The True Cost of A Bad Employee Onboarding

onboarding cost

Research shows that a whopping 88% of businesses don’t do a good job while onboarding new employees.

Some businesses don’t believe that a good onboarding process is important, while others simply have no idea what the proper onboarding protocol ought to be.

Regardless of which camp you fall into, if you’re not giving new employees a good onboarding experience, you could be seriously hurting your business.

Read on to learn more about the costs of a bad employee onboarding program. You’ll also learn what you can do to improve your current program and the benefits these improvements will provide your company.

Benefits Of Good Onboarding

Before we dive into the ways how bad onboarding hurts your business, let’s firstly touch on all the reasons why you ought to make good onboarding a priority. Some of the greatest benefits of a strong onboarding program include the following:

  • Attract great employees and keep them around
  • Engage with the employees from the beginning
  • Build trust among new employees
  • Help new employees to get aligned with your company culture and vision
  • Increase connections among employees

A good onboarding program helps:

  • employees to feel engaged and supported
  • to improve communication among employees and their superiors

This, in turn, can yield positive results for your company further down the line.

How Much Does Bad Onboarding Cost

Bad onboarding comes with some serious costs for your business. The following are some examples:

Higher Turnover Rates

A report from the Harvard Business Review shows that:

  • Nearly 33% of employees start looking for a new job within their first six months ****at their new job
  • Another 23% leave before their one-year anniversary.

Most business owners know that it costs much more and takes more time to hire a new employee than to retain a current one. Think of how much money is being lost if more than half of your employees are leaving within a year of being hired.

According to this report, it’s anywhere from 100% – 300% of each employee’s individual salary.

Increased Stress

Think about the last time you started a new job. Do you remember how stressed and anxious you felt going in on your first day?

Your new employees might be feeling that way every day, especially if they weren’t onboarded properly.

When you’re stressed out and struggling to keep up with all the new information being thrown your way, it’s hard to perform to the best of your abilities.

There’s a lot of negativity that stems from employees who have high levels of stress.

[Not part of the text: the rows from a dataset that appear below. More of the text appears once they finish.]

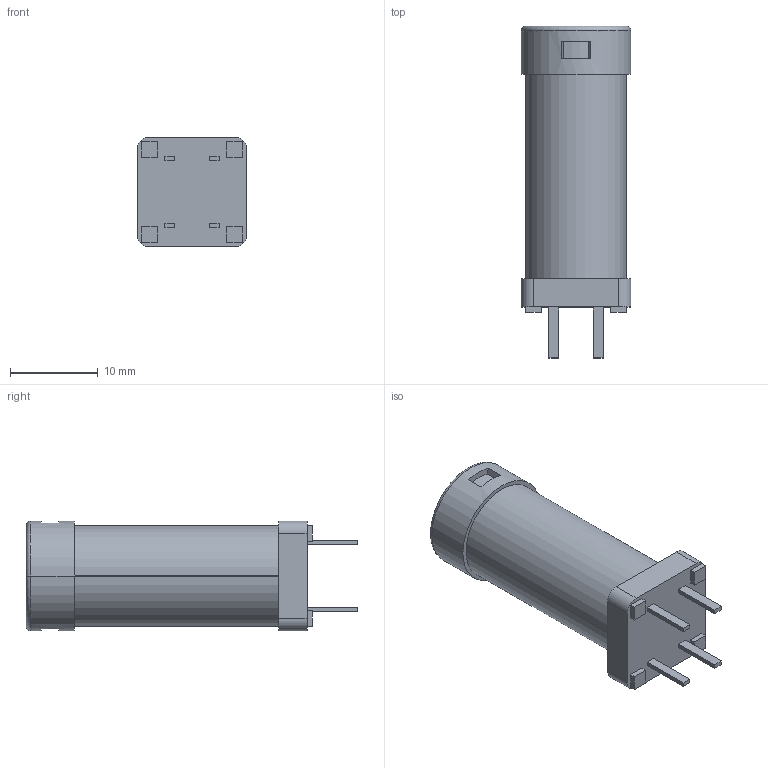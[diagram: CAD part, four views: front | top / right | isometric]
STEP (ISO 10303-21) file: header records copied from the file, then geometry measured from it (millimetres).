
FILE_DESCRIPTION((''),'1');
FILE_NAME('1','2001-05-15T',('jlue'),(''),'PRO/ENGINEER BY PARAMETRIC TECHNOLOGY CORPORATION, 9846','PRO/ENGINEER BY PARAMETRIC TECHNOLOGY CORPORATION, 9846','');
FILE_SCHEMA(('CONFIG_CONTROL_DESIGN'));
Length unit declared in the file: millimetre
Products named in the file (1): 1
Bounding box: 12.5 x 37.8 x 12.5 mm (x, y, z)
Surface area: 1902.5 mm2 (no closed solid volume)
Topology: 0 solids, 0 shells, 88 faces, 439 edges, 440 vertices
Faces by surface type: plane 69, cylinder 17, torus 2
Entity records: 2277 total; most frequent: DIRECTION 451, COMPOSITE_CURVE_SEGMENT 432, CARTESIAN_POINT 311, TRIMMED_CURVE 223, VECTOR 171, LINE 171, AXIS2_PLACEMENT_3D 140, CURVE_BOUNDED_SURFACE 88

For example, stressed-out employees are more likely to deal with the following issues:

  • Difficulty focusing
  • Difficulty managing their time
  • Strained interpersonal relationships
  • Decreased health

All of these issues may contribute to an employee choosing to leave a position shortly after they were first hired.

Reduced Productivity

If your employees are highly stressed, have trouble focusing, and aren’t able to manage their time well because they’re struggling to remember everything that was thrown at them during their brief onboarding experience, there’s a good chance they’re not going to be very productive.

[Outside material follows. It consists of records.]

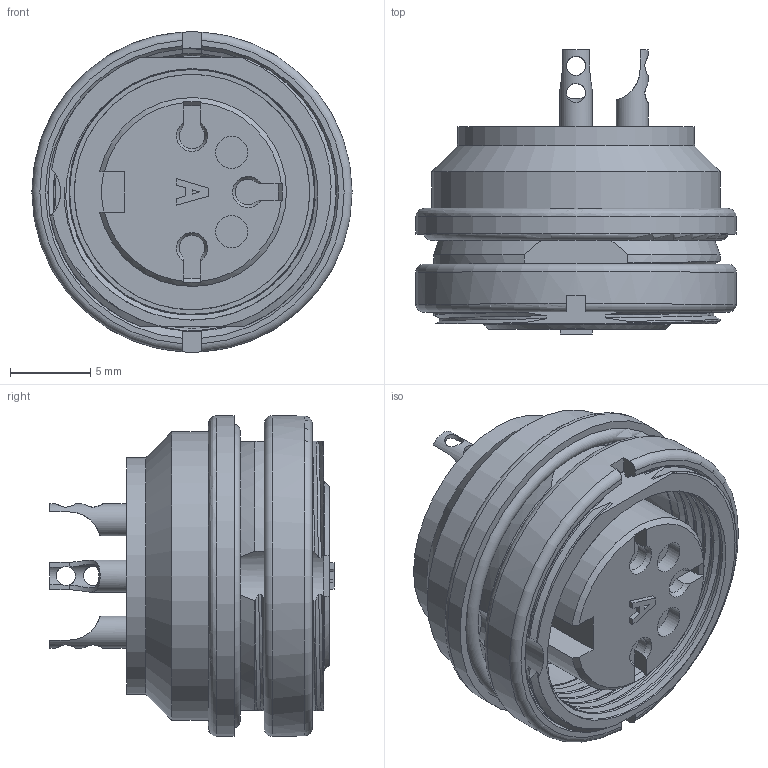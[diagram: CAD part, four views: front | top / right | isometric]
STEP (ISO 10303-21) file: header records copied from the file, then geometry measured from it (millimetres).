
FILE_DESCRIPTION(/* description */ (''),/* implementation_level */ '2;1');
FILE_NAME(/* name */ 'c091 31g003 100 2nxc001-02.stp',/* time_stamp */ '2021-02-10T09:53:26+01:00',/* author */ (''),/* organization */ (''),/* preprocessor_version */ 'ST-DEVELOPER v16.7',/* originating_system */ 'SIEMENS PLM Software NX 12.0',/* authorisation */ '');
FILE_SCHEMA (('AUTOMOTIVE_DESIGN { 1 0 10303 214 3 1 1 1 }'));
Length unit declared in the file: millimetre
Products named in the file (1): c091 31g003 100 2nxc001-02
Bounding box: 20 x 17.75 x 20 mm (x, y, z)
Volume: 2426.8 mm3; surface area: 2972 mm2
Topology: 1 solids, 2 shells, 284 faces, 848 edges, 563 vertices
Faces by surface type: plane 124, cylinder 102, bspline 41, cone 12, torus 5
Full cylindrical faces by diameter (mm): 1 x3, 1.2 x6, 1.5 x3, 2 x5, 13.1 x1, 14.7 x1, 14.8 x1, 15.3 x1, 18 x1, 18.3 x1, 18.9 x1, 20 x2
Entity records: 18534 total; most frequent: CARTESIAN_POINT 10848, ORIENTED_EDGE 1594, DIRECTION 1117, EDGE_CURVE 797, VERTEX_POINT 550, AXIS2_PLACEMENT_3D 382, EDGE_LOOP 355, LINE 353

As you probably know, reduced productivity isn’t good for your business’s bottom line. In fact, low productivity related to stress alone contributes to a loss of $600 per worker per year.

Reduced Engagement

Your employees are more likely to be (and remain) engaged in their work if they have a good onboarding experience.

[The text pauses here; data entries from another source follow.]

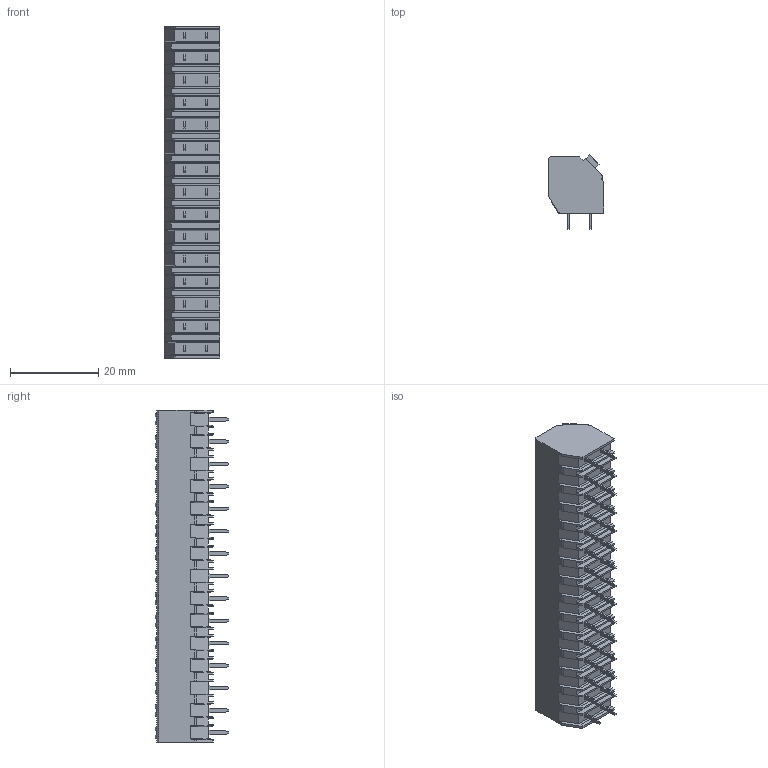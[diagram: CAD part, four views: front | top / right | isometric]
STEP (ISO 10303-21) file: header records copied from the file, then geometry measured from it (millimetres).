
FILE_DESCRIPTION((''),'2;1');
FILE_NAME('TLM-004AT-5_08-XXP-X','2024-09-29T',('sj'),(''),'PRO/ENGINEER BY PARAMETRIC TECHNOLOGY CORPORATION, 2015240','PRO/ENGINEER BY PARAMETRIC TECHNOLOGY CORPORATION, 2015240','');
FILE_SCHEMA(('CONFIG_CONTROL_DESIGN','SHAPE_APPEARANCE_LAYERS_GROUPS'));
Length unit declared in the file: millimetre
Products named in the file (1): TLM-004AT-5_08-XXP-X
Bounding box: 12.7 x 16.72 x 75.32 mm (x, y, z)
Volume: 9860.9 mm3; surface area: 6295.4 mm2
Topology: 1 solids, 1 shells, 1428 faces, 3965 edges, 2614 vertices
Faces by surface type: plane 1276, cylinder 137, cone 15
Entity records: 45149 total; most frequent: CARTESIAN_POINT 8612, ORIENTED_EDGE 7930, DIRECTION 6930, EDGE_CURVE 3965, VECTOR 3496, LINE 3496, VERTEX_POINT 2614, AXIS2_PLACEMENT_3D 1717

When your employees are engaged and eager to put their best foot forward, they tend to work better and with more enthusiasm. They also have more positive attitudes and are more inclined to contribute to the improvement of the company, instead of doing the bare minimum to get by.

Disengaged employees also cost your business a lot of money. Just one disengaged employee who earns an average salary may cost you nearly $16,000 per year.

Lost Potential

In a perfect world, every new employee would be able to hit the ground running and perform to their fullest abilities the second they walk in the door at their new job. That’s not the way the world works, though. In fact, in many cases, it takes between eight months and one year for a new employee to start performing to their maximum capabilities.

If the majority of employees are giving up on a job before they reach the one-year mark, there’s a good chance many of them (as well as their supervisors) haven’t even had a chance to see how well they can perform yet. Think of all the potential talent and earnings being lost because new hires aren’t given a chance to get fully acclimated to their positions.

How to Improve Your Onboarding Process

Okay, you can see why it’s important to prioritize good onboarding. How do you make your process better, though? Start by giving these tips a try:

  • Focus on getting to know new employees, not just on getting them up to speed
  • Help new employees get to know other members of the staff
  • Set clear expectations and help employees set goals for themselves
  • Offer learning and development opportunities right away to help fill in training gaps
  • Arrange for new employees to have one-on-one meetings with their direct supervisors
  • Request feedback and ask for advice on how the program can be improved

Start Saving Money Today

Now that you know more about what bad onboarding costs your business, doesn’t it seem like a good idea to start making improvements to your current program?

Keep the tips listed above in mind as you begin making changes or creating a more solidified program.

They’ll help you ensure you’re taking the right approach and handling onboarding in a way that best benefits your new employees and your business as a whole.